Striving for higher res imaging of cells, Harvard team debuts startup with backing from ARCH, Northpond
As scientists race to find new ways to look into what’s going on inside cells, ARCH Venture Partners and Northpond Ventures are injecting $14 million into a Harvard team promising to visualize activity on a “subcellular level” — down to every RNA.

Xiaowei Zhuang and David Walt are two of the prominent scientists behind Vizgen. Zhuang, a Howard Hughes Medical Institute Investigator and Harvard professor, was the inventor of another popular super-resolution microscopy method while David Walt was a scientific founder of the sequencing giant Illumina.
Vizgen was founded on MERFISH, or multiplexed error-robust fluorescence in situ hybridization, which was invented by Jeffrey Moffitt while he was a postdoc at Zhuang’s lab. MERFISH is, in turn, built on FISH — a technology that’s been used for decades to detect DNA or RNA targets by sending fluorescent probes to bind to them.

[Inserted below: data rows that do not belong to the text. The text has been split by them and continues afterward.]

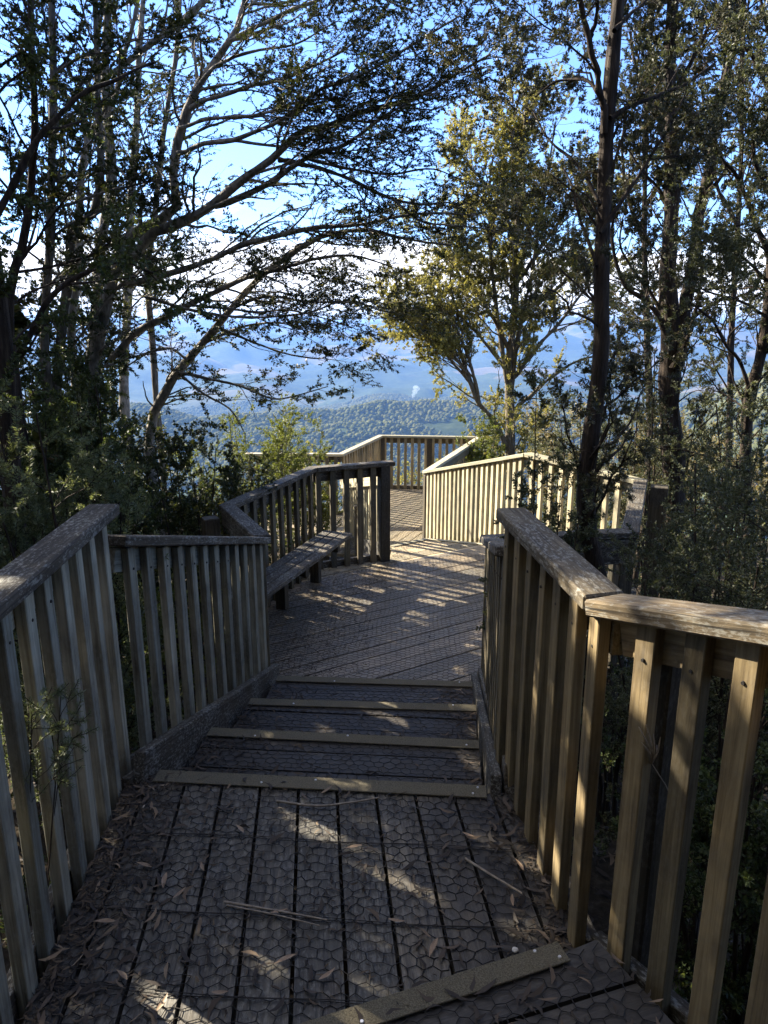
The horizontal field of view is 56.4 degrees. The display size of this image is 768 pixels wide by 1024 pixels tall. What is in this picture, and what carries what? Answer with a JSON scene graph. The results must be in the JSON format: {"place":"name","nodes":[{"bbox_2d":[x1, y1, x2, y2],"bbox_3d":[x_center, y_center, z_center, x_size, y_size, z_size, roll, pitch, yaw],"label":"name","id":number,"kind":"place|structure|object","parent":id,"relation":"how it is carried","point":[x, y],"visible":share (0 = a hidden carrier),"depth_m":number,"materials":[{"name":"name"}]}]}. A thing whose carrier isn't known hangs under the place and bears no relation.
{"place":"outdoors","nodes":[
{"label":"outdoors","id":0,"kind":"place"},
{"bbox_2d":[0,315,767,1023],"bbox_3d":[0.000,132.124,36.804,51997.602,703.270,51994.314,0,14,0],"label":"terrain","id":1,"kind":"structure","parent":0,"point":[412,379],"depth_m":4452.30,"materials":[{"name":"blue"}]},
{"bbox_2d":[14,290,56,343],"bbox_3d":[-5.177,-3.192,5.752,5.019,9.320,3.978,0,14,0],"label":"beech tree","id":2,"kind":"object","parent":1,"relation":"on","point":[21,320],"visible":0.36,"depth_m":5.94,"materials":[{"name":"plant"}]},
{"bbox_2d":[0,303,92,510],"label":"beech tree","id":3,"kind":"object","parent":1,"relation":"on","point":[18,308],"visible":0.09,"depth_m":5.10,"materials":[{"name":"plant"}]},
{"bbox_2d":[2,678,99,925],"bbox_3d":[-0.940,1.039,2.029,0.334,1.280,0.239,-8,16,-27],"label":"sapling","id":4,"kind":"object","parent":1,"relation":"on","point":[64,751],"visible":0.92,"depth_m":1.91,"materials":[{"name":"green plant"}]},
{"bbox_2d":[0,0,128,543],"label":"beech tree","id":5,"kind":"object","parent":1,"relation":"on","point":[25,226],"visible":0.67,"depth_m":4.63,"materials":[{"name":"green plant"}]},
{"bbox_2d":[0,337,145,597],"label":"shrub","id":6,"kind":"object","parent":1,"relation":"on","point":[80,365],"visible":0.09,"depth_m":5.58,"materials":[{"name":"green plant"}]},
{"bbox_2d":[3,262,142,546],"bbox_3d":[-3.079,-0.441,6.654,1.724,3.700,1.873,7,16,25],"label":"shrub","id":7,"kind":"object","parent":1,"relation":"on","point":[28,378],"visible":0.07,"depth_m":6.49,"materials":[{"name":"green plant"}]},
{"bbox_2d":[0,340,170,636],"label":"shrub","id":8,"kind":"object","parent":1,"relation":"on","point":[61,465],"visible":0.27,"depth_m":5.07,"materials":[{"name":"green plant"}]},
{"bbox_2d":[0,0,190,510],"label":"beech tree","id":9,"kind":"object","parent":1,"relation":"on","point":[69,239],"visible":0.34,"depth_m":5.59,"materials":[{"name":"green plant"}]},
{"bbox_2d":[0,376,194,829],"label":"shrub","id":10,"kind":"object","parent":1,"relation":"on","point":[14,530],"visible":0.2,"depth_m":3.44,"materials":[{"name":"green plant"}]},
{"bbox_2d":[26,0,177,354],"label":"beech tree","id":11,"kind":"object","parent":1,"relation":"on","point":[106,18],"visible":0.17,"depth_m":7.30,"materials":[{"name":"plant"}]},
{"bbox_2d":[22,354,181,531],"bbox_3d":[-3.475,-0.396,8.572,2.097,2.987,2.045,0,14,0],"label":"shrub","id":12,"kind":"object","parent":1,"relation":"on","point":[134,419],"visible":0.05,"depth_m":8.65,"materials":[{"name":"green plant"}]},
{"bbox_2d":[0,0,215,517],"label":"beech tree","id":13,"kind":"object","parent":1,"relation":"on","point":[48,240],"visible":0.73,"depth_m":5.07,"materials":[{"name":"green plant"}]},
{"bbox_2d":[0,0,227,786],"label":"broadleaf tree","id":14,"kind":"object","parent":1,"relation":"on","point":[10,359],"visible":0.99,"depth_m":3.62,"materials":[{"name":"green plant"}]},
{"bbox_2d":[26,0,224,576],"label":"beech tree","id":15,"kind":"object","parent":1,"relation":"on","point":[124,383],"visible":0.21,"depth_m":8.36,"materials":[{"name":"green plant"}]},
{"bbox_2d":[0,0,283,385],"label":"beech tree","id":16,"kind":"object","parent":1,"relation":"on","point":[146,47],"visible":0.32,"depth_m":6.20,"materials":[{"name":"green plant"}]},
{"bbox_2d":[113,565,225,739],"bbox_3d":[-1.556,0.958,4.830,1.152,1.491,1.119,2,15,9],"label":"shrub","id":17,"kind":"object","parent":1,"relation":"on","point":[143,620],"visible":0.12,"depth_m":4.86,"materials":[{"name":"green plant"}]},
{"bbox_2d":[81,402,275,665],"bbox_3d":[-1.919,0.218,6.452,1.562,2.523,1.595,-8,16,-28],"label":"shrub","id":18,"kind":"object","parent":1,"relation":"on","point":[183,520],"visible":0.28,"depth_m":6.12,"materials":[{"name":"green plant"}]},
{"bbox_2d":[116,0,245,534],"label":"beech tree","id":19,"kind":"object","parent":1,"relation":"on","point":[175,56],"visible":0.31,"depth_m":8.62,"materials":[{"name":"green plant"}]},
{"bbox_2d":[171,431,285,563],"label":"shrub","id":20,"kind":"object","parent":1,"relation":"on","point":[222,491],"visible":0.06,"depth_m":7.40,"materials":[{"name":"green plant"}]},
{"bbox_2d":[187,513,294,614],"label":"shrub","id":21,"kind":"object","parent":1,"relation":"on","point":[269,547],"visible":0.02,"depth_m":6.69,"materials":[{"name":"green plant"}]},
{"bbox_2d":[172,390,310,522],"bbox_3d":[-2.159,-0.399,10.514,2.056,2.770,1.689,0,14,0],"label":"shrub","id":22,"kind":"object","parent":1,"relation":"on","point":[236,442],"visible":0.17,"depth_m":10.49,"materials":[{"name":"green plant"}]},
{"bbox_2d":[92,200,500,603],"bbox_3d":[-0.949,-0.545,6.435,3.764,4.279,1.408,5,15,17],"label":"beech tree","id":23,"kind":"object","parent":1,"relation":"on","point":[175,374],"visible":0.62,"depth_m":6.16,"materials":[{"name":"green plant"}]},
{"bbox_2d":[250,391,342,549],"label":"shrub","id":24,"kind":"object","parent":1,"relation":"on","point":[284,439],"visible":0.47,"depth_m":9.78,"materials":[{"name":"green plant"}]},
{"bbox_2d":[23,775,571,1023],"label":"boardwalk deck","id":25,"kind":"structure","parent":1,"relation":"on","point":[477,933],"depth_m":2.20,"materials":[{"name":"brown wood"}]},
{"bbox_2d":[0,504,131,1023],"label":"picket fence","id":26,"kind":"object","parent":25,"relation":"on","point":[67,562],"visible":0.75,"depth_m":2.13,"materials":[{"name":"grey wood"}]},
{"bbox_2d":[95,918,115,921],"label":"fallen leaf","id":27,"kind":"object","parent":25,"relation":"on","point":[106,920],"visible":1,"depth_m":2.13,"materials":[{"name":"plant"}]},
{"bbox_2d":[116,969,126,979],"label":"fallen leaf","id":28,"kind":"object","parent":25,"relation":"on","point":[123,974],"visible":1,"depth_m":1.95,"materials":[{"name":"plant"}]},
{"bbox_2d":[137,862,151,866],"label":"fallen leaf","id":29,"kind":"object","parent":25,"relation":"on","point":[144,864],"visible":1,"depth_m":2.35,"materials":[{"name":"brown plant"}]},
{"bbox_2d":[156,993,167,1010],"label":"fallen leaf","id":30,"kind":"object","parent":25,"relation":"on","point":[161,1003],"visible":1,"depth_m":1.87,"materials":[{"name":"beige plant"}]},
{"bbox_2d":[162,872,166,887],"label":"fallen leaf","id":31,"kind":"object","parent":25,"relation":"on","point":[164,878],"visible":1,"depth_m":2.29,"materials":[{"name":"brown plant"}]},
{"bbox_2d":[173,887,184,897],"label":"fallen leaf","id":32,"kind":"object","parent":25,"relation":"on","point":[179,892],"visible":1,"depth_m":2.23,"materials":[{"name":"brown plant"}]},
{"bbox_2d":[211,990,227,993],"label":"fallen leaf","id":33,"kind":"object","parent":25,"relation":"on","point":[219,991],"visible":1,"depth_m":1.90,"materials":[{"name":"brown plant"}]},
{"bbox_2d":[226,904,319,925],"bbox_3d":[-0.335,1.210,2.154,0.300,0.006,0.007,4,15,14],"label":"fallen stick","id":34,"kind":"object","parent":25,"relation":"on","point":[233,906],"visible":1,"depth_m":2.16,"materials":[{"name":"brown wood"}]},
{"bbox_2d":[224,901,326,920],"bbox_3d":[-0.330,1.206,2.169,0.328,0.009,0.008,3,15,12],"label":"fallen stick","id":35,"kind":"object","parent":25,"relation":"on","point":[257,907],"visible":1,"depth_m":2.17,"materials":[{"name":"brown wood"}]},
{"bbox_2d":[274,954,294,963],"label":"fallen leaf","id":36,"kind":"object","parent":25,"relation":"on","point":[285,957],"visible":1,"depth_m":2.00,"materials":[{"name":"brown plant"}]},
{"bbox_2d":[319,968,333,978],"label":"fallen leaf","id":37,"kind":"object","parent":25,"relation":"on","point":[328,973],"visible":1,"depth_m":1.95,"materials":[{"name":"brown plant"}]},
{"bbox_2d":[276,797,378,806],"bbox_3d":[-0.209,1.079,2.663,0.383,0.011,0.046,-1,14,-3],"label":"fallen stick","id":38,"kind":"object","parent":25,"relation":"on","point":[303,804],"visible":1,"depth_m":2.65,"materials":[{"name":"brown wood"}]},
{"bbox_2d":[24,680,662,1023],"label":"dead leaves","id":39,"kind":"object","parent":25,"relation":"on","point":[154,1013],"visible":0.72,"depth_m":2.18,"materials":[{"name":"brown plant"}]},
{"bbox_2d":[346,844,360,847],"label":"fallen leaf","id":40,"kind":"object","parent":25,"relation":"on","point":[354,845],"visible":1,"depth_m":2.43,"materials":[{"name":"brown plant"}]},
{"bbox_2d":[389,918,403,921],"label":"fallen leaf","id":41,"kind":"object","parent":25,"relation":"on","point":[395,920],"visible":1,"depth_m":2.13,"materials":[{"name":"brown plant"}]},
{"bbox_2d":[429,938,437,956],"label":"fallen leaf","id":42,"kind":"object","parent":25,"relation":"on","point":[433,945],"visible":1,"depth_m":2.04,"materials":[{"name":"brown plant"}]},
{"bbox_2d":[300,940,673,1023],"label":"boardwalk deck","id":43,"kind":"structure","parent":25,"relation":"on","point":[517,974],"depth_m":1.72,"materials":[{"name":"brown wood"}]},
{"bbox_2d":[464,858,521,893],"bbox_3d":[0.349,1.170,2.307,0.220,0.011,0.011,13,20,42],"label":"fallen stick","id":44,"kind":"object","parent":25,"relation":"on","point":[487,872],"visible":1,"depth_m":2.31,"materials":[{"name":"wood"}]},
{"bbox_2d":[510,894,513,905],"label":"fallen leaf","id":45,"kind":"object","parent":25,"relation":"on","point":[512,899],"visible":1,"depth_m":2.21,"materials":[{"name":"brown plant"}]},
{"bbox_2d":[512,947,517,952],"bbox_3d":[0.372,1.242,2.033,0.017,0.013,0.018,0,14,0],"label":"pebble","id":46,"kind":"object","parent":25,"relation":"on","point":[514,949],"visible":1,"depth_m":2.03,"materials":[{"name":"grey stone"}]},
{"bbox_2d":[495,508,623,947],"bbox_3d":[0.516,1.293,2.544,0.195,2.470,0.962,0,14,0],"label":"picket fence","id":47,"kind":"object","parent":25,"relation":"on","point":[552,582],"visible":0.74,"depth_m":2.18,"materials":[{"name":"brown wood"}]},
{"bbox_2d":[296,440,342,508],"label":"shrub","id":48,"kind":"object","parent":1,"relation":"on","point":[311,444],"visible":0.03,"depth_m":14.91,"materials":[{"name":"green plant"}]},
{"bbox_2d":[56,0,620,467],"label":"beech tree","id":49,"kind":"object","parent":1,"relation":"on","point":[300,106],"visible":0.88,"depth_m":5.29,"materials":[{"name":"green plant"}]},
{"bbox_2d":[259,488,460,560],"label":"boardwalk deck","id":50,"kind":"structure","parent":1,"relation":"on","point":[406,513],"depth_m":11.86,"materials":[{"name":"brown wood"}]},
{"bbox_2d":[245,453,342,514],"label":"picket fence","id":51,"kind":"object","parent":50,"relation":"on","point":[332,456],"visible":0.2,"depth_m":11.88,"materials":[{"name":"brown wood"}]},
{"bbox_2d":[339,435,382,514],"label":"picket fence","id":52,"kind":"object","parent":50,"relation":"on","point":[368,450],"visible":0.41,"depth_m":12.95,"materials":[{"name":"brown wood"}]},
{"bbox_2d":[363,541,407,555],"bbox_3d":[0.548,0.483,9.046,1.433,0.635,2.367,-3,15,-13],"label":"stair flight","id":53,"kind":"object","parent":50,"relation":"on","point":[394,542],"visible":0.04,"depth_m":9.32,"materials":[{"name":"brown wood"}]},
{"bbox_2d":[340,477,376,556],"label":"picket fence","id":54,"kind":"object","parent":53,"relation":"attached to","point":[366,513],"visible":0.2,"depth_m":9.25,"materials":[{"name":"beige wood"}]},
{"bbox_2d":[381,435,476,489],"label":"picket fence","id":55,"kind":"object","parent":50,"relation":"on","point":[429,441],"visible":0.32,"depth_m":13.87,"materials":[{"name":"brown wood"}]},
{"bbox_2d":[422,437,486,529],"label":"picket fence","id":56,"kind":"object","parent":50,"relation":"on","point":[458,456],"visible":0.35,"depth_m":12.01,"materials":[{"name":"beige wood"}]},
{"bbox_2d":[268,538,484,680],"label":"boardwalk deck","id":57,"kind":"structure","parent":1,"relation":"on","point":[445,603],"depth_m":6.00,"materials":[{"name":"brown wood"}]},
{"bbox_2d":[201,504,270,697],"bbox_3d":[-1.067,1.172,5.349,0.258,2.310,0.979,-7,16,-25],"label":"picket fence","id":58,"kind":"object","parent":57,"relation":"on","point":[236,521],"visible":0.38,"depth_m":5.24,"materials":[{"name":"brown wood"}]},
{"bbox_2d":[221,466,316,606],"bbox_3d":[-0.950,0.311,6.379,0.115,1.155,1.644,5,15,18],"label":"picket fence","id":59,"kind":"object","parent":57,"relation":"on","point":[252,501],"visible":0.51,"depth_m":6.42,"materials":[{"name":"brown wood"}]},
{"bbox_2d":[231,530,351,627],"bbox_3d":[-0.764,0.627,6.135,0.338,0.454,1.869,5,15,18],"label":"park bench","id":60,"kind":"object","parent":57,"relation":"on","point":[285,570],"visible":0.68,"depth_m":6.17,"materials":[{"name":"brown wood"}]},
{"bbox_2d":[17,539,567,1023],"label":"leaf crumbs","id":61,"kind":"object","parent":57,"relation":"on","point":[95,905],"visible":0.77,"depth_m":2.38,"materials":[{"name":"brown plant"}]},
{"bbox_2d":[121,664,513,830],"bbox_3d":[-0.178,1.145,3.773,1.515,0.894,2.128,1,14,5],"label":"stair flight","id":62,"kind":"object","parent":57,"relation":"on","point":[173,750],"visible":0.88,"depth_m":3.33,"materials":[{"name":"brown wood"}]},
{"bbox_2d":[107,534,270,769],"bbox_3d":[-0.955,0.995,3.950,0.188,2.348,1.892,2,15,7],"label":"picket fence","id":63,"kind":"object","parent":62,"relation":"attached to","point":[131,556],"visible":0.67,"depth_m":3.50,"materials":[{"name":"brown wood"}]},
{"bbox_2d":[480,536,503,749],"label":"picket fence","id":64,"kind":"object","parent":62,"relation":"attached to","point":[493,574],"visible":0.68,"depth_m":3.47,"materials":[{"name":"brown wood"}]},
{"bbox_2d":[309,460,394,569],"bbox_3d":[-0.310,0.641,7.416,0.881,2.310,0.115,-6,16,-23],"label":"picket fence","id":65,"kind":"object","parent":57,"relation":"on","point":[380,535],"visible":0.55,"depth_m":7.25,"materials":[{"name":"brown wood"}]},
{"bbox_2d":[481,528,637,740],"bbox_3d":[1.161,1.405,5.041,1.050,2.610,0.128,-2,15,-9],"label":"picket fence","id":66,"kind":"object","parent":57,"relation":"on","point":[623,536],"visible":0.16,"depth_m":4.79,"materials":[{"name":"brown wood"}]},
{"bbox_2d":[524,452,646,584],"bbox_3d":[1.930,0.094,7.225,0.115,1.155,1.639,-7,16,-26],"label":"picket fence","id":67,"kind":"object","parent":57,"relation":"on","point":[551,466],"visible":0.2,"depth_m":7.23,"materials":[{"name":"beige wood"}]},
{"bbox_2d":[622,480,668,666],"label":"picket fence","id":68,"kind":"object","parent":57,"relation":"on","point":[634,509],"visible":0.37,"depth_m":6.27,"materials":[{"name":"brown wood"}]},
{"bbox_2d":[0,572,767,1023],"bbox_3d":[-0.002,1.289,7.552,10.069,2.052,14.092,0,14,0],"label":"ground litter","id":69,"kind":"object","parent":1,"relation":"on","point":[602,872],"visible":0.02,"depth_m":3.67,"materials":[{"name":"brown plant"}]},
{"bbox_2d":[393,461,421,484],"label":"shrub","id":70,"kind":"object","parent":1,"relation":"on","point":[409,478],"visible":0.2,"depth_m":15.66,"materials":[{"name":"green plant"}]},
{"bbox_2d":[415,458,437,484],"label":"shrub","id":71,"kind":"object","parent":1,"relation":"on","point":[422,474],"visible":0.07,"depth_m":15.62,"materials":[{"name":"green plant"}]},
{"bbox_2d":[104,365,767,530],"bbox_3d":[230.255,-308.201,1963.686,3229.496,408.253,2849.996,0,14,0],"label":"valley forest","id":72,"kind":"object","parent":1,"relation":"on","point":[402,405],"visible":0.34,"depth_m":1598.98,"materials":[{"name":"green plant"}]},
{"bbox_2d":[421,475,489,535],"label":"shrub","id":73,"kind":"object","parent":1,"relation":"on","point":[465,502],"visible":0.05,"depth_m":10.84,"materials":[{"name":"green plant"}]},
{"bbox_2d":[422,453,529,542],"bbox_3d":[1.107,0.593,9.416,0.162,3.208,2.781,-5,15,-20],"label":"picket fence","id":74,"kind":"object","parent":1,"relation":"on","point":[446,490],"visible":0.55,"depth_m":9.20,"materials":[{"name":"beige wood"}]},
{"bbox_2d":[442,410,517,535],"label":"shrub","id":75,"kind":"object","parent":1,"relation":"on","point":[474,455],"visible":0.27,"depth_m":12.57,"materials":[{"name":"green plant"}]},
{"bbox_2d":[348,24,656,533],"bbox_3d":[2.063,-3.632,12.753,5.430,8.894,2.472,-3,15,-11],"label":"yellow green tree","id":76,"kind":"object","parent":1,"relation":"on","point":[459,287],"visible":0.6,"depth_m":12.53,"materials":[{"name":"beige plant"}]},
{"bbox_2d":[476,366,605,780],"bbox_3d":[0.915,0.493,4.156,0.760,2.612,0.724,0,14,0],"label":"shrub","id":77,"kind":"object","parent":1,"relation":"on","point":[532,382],"visible":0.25,"depth_m":3.93,"materials":[{"name":"green plant"}]},
{"bbox_2d":[505,392,598,508],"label":"shrub","id":78,"kind":"object","parent":1,"relation":"on","point":[547,433],"visible":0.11,"depth_m":17.49,"materials":[{"name":"green plant"}]},
{"bbox_2d":[523,385,641,570],"bbox_3d":[2.470,-0.252,9.114,1.541,2.944,1.651,0,14,0],"label":"shrub","id":79,"kind":"object","parent":1,"relation":"on","point":[560,433],"visible":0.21,"depth_m":8.74,"materials":[{"name":"green plant"}]},
{"bbox_2d":[425,0,767,792],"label":"tea tree","id":80,"kind":"object","parent":1,"relation":"on","point":[603,364],"visible":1,"depth_m":3.78,"materials":[{"name":"green plant"}]},
{"bbox_2d":[578,655,633,825],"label":"shrub","id":81,"kind":"object","parent":1,"relation":"on","point":[610,769],"visible":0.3,"depth_m":4.03,"materials":[{"name":"green plant"}]},
{"bbox_2d":[564,454,652,527],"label":"shrub","id":82,"kind":"object","parent":1,"relation":"on","point":[611,513],"visible":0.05,"depth_m":20.43,"materials":[{"name":"green plant"}]},
{"bbox_2d":[564,4,721,581],"bbox_3d":[3.103,-2.840,8.998,1.995,8.314,1.759,-13,19,-40],"label":"tea tree","id":83,"kind":"object","parent":1,"relation":"on","point":[621,84],"visible":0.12,"depth_m":8.89,"materials":[{"name":"green plant"}]},
{"bbox_2d":[548,0,767,597],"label":"tea tree","id":84,"kind":"object","parent":1,"relation":"on","point":[671,23],"visible":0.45,"depth_m":6.18,"materials":[{"name":"green plant"}]},
{"bbox_2d":[573,499,767,971],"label":"shrub","id":85,"kind":"object","parent":1,"relation":"on","point":[718,712],"visible":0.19,"depth_m":2.70,"materials":[{"name":"green plant"}]},
{"bbox_2d":[596,328,744,595],"bbox_3d":[2.679,-0.149,7.138,1.567,3.258,1.451,0,14,0],"label":"shrub","id":86,"kind":"object","parent":1,"relation":"on","point":[646,426],"visible":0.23,"depth_m":6.72,"materials":[{"name":"green plant"}]},
{"bbox_2d":[614,403,733,515],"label":"shrub","id":87,"kind":"object","parent":1,"relation":"on","point":[683,431],"visible":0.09,"depth_m":13.55,"materials":[{"name":"green plant"}]},
{"bbox_2d":[581,463,767,887],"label":"shrub","id":88,"kind":"object","parent":1,"relation":"on","point":[726,484],"visible":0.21,"depth_m":3.22,"materials":[{"name":"green plant"}]},
{"bbox_2d":[585,594,767,1023],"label":"picket fence","id":89,"kind":"object","parent":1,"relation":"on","point":[681,652],"visible":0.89,"depth_m":1.64,"materials":[{"name":"brown wood"}]},
{"bbox_2d":[639,724,667,790],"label":"dry twig","id":90,"kind":"object","parent":89,"relation":"attached to","point":[652,755],"visible":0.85,"depth_m":1.71,"materials":[{"name":"brown wood"}]},
{"bbox_2d":[609,0,767,594],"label":"tea tree","id":91,"kind":"object","parent":1,"relation":"on","point":[730,243],"visible":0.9,"depth_m":4.71,"materials":[{"name":"green plant"}]},
{"bbox_2d":[609,688,767,1023],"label":"shrub","id":92,"kind":"object","parent":1,"relation":"on","point":[749,894],"visible":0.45,"depth_m":2.16,"materials":[{"name":"green plant"}]},
{"bbox_2d":[618,404,767,751],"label":"shrub","id":93,"kind":"object","parent":1,"relation":"on","point":[745,474],"visible":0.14,"depth_m":3.74,"materials":[{"name":"green plant"}]},
{"bbox_2d":[631,345,767,707],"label":"shrub","id":94,"kind":"object","parent":1,"relation":"on","point":[728,451],"visible":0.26,"depth_m":4.88,"materials":[{"name":"green plant"}]},
{"bbox_2d":[656,414,767,530],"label":"shrub","id":95,"kind":"object","parent":1,"relation":"on","point":[757,472],"visible":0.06,"depth_m":15.64,"materials":[{"name":"green plant"}]},
{"bbox_2d":[660,0,767,599],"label":"tea tree","id":96,"kind":"object","parent":1,"relation":"on","point":[733,338],"visible":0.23,"depth_m":7.81,"materials":[{"name":"green plant"}]},
{"bbox_2d":[733,452,767,538],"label":"shrub","id":97,"kind":"object","parent":1,"relation":"on","point":[766,464],"visible":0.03,"depth_m":17.83,"materials":[{"name":"green plant"}]},
{"bbox_2d":[0,508,767,997],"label":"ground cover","id":98,"kind":"object","parent":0,"point":[136,746],"visible":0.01,"depth_m":4.12,"materials":[{"name":"green plant"}]},
{"bbox_2d":[0,0,767,322],"label":"sky","id":99,"kind":"structure","parent":0,"point":[247,156],"materials":[{"name":"blue"}]}
]}

The new imaging technology leverages new error detection and correction techniques, including barcoding schemes and combinatorial labeling and imaging, to achieve higher accuracy and save time.
As a result, it allows scientists to investigate many more RNA species, according to the company.
“Given its ability to quantify RNAs across a wide range of abundances without amplification bias while preserving native context, we envision that MERFISH will enable many applications of in situ transcriptomic analyses of individual cells in culture or complex tissues,” Zhuang and Moffitt wrote with collaborators in a paper introducing the tech in 2015.
Walt further explained why that’s useful in an interview with Xconomy:
Every image that’s taken as a consequence of the way that this process is done is done with approximately 100 nanometers of resolution, so you can zoom out all the way to the whole tissue and see where the gene expression is occurring, then you can zoom in to a single cell and look at the subcellular expression of every one of those RNAs that are present in the sample.

That can tell researchers a lot about cell type, state, organization, interactions as well as function within the tissue.
“The deep information unlocked by MERFISH exposes biology at the network level, driving insights that will help us build the future of human health,” Keith Crandell, managing director at ARCH, said in a statement.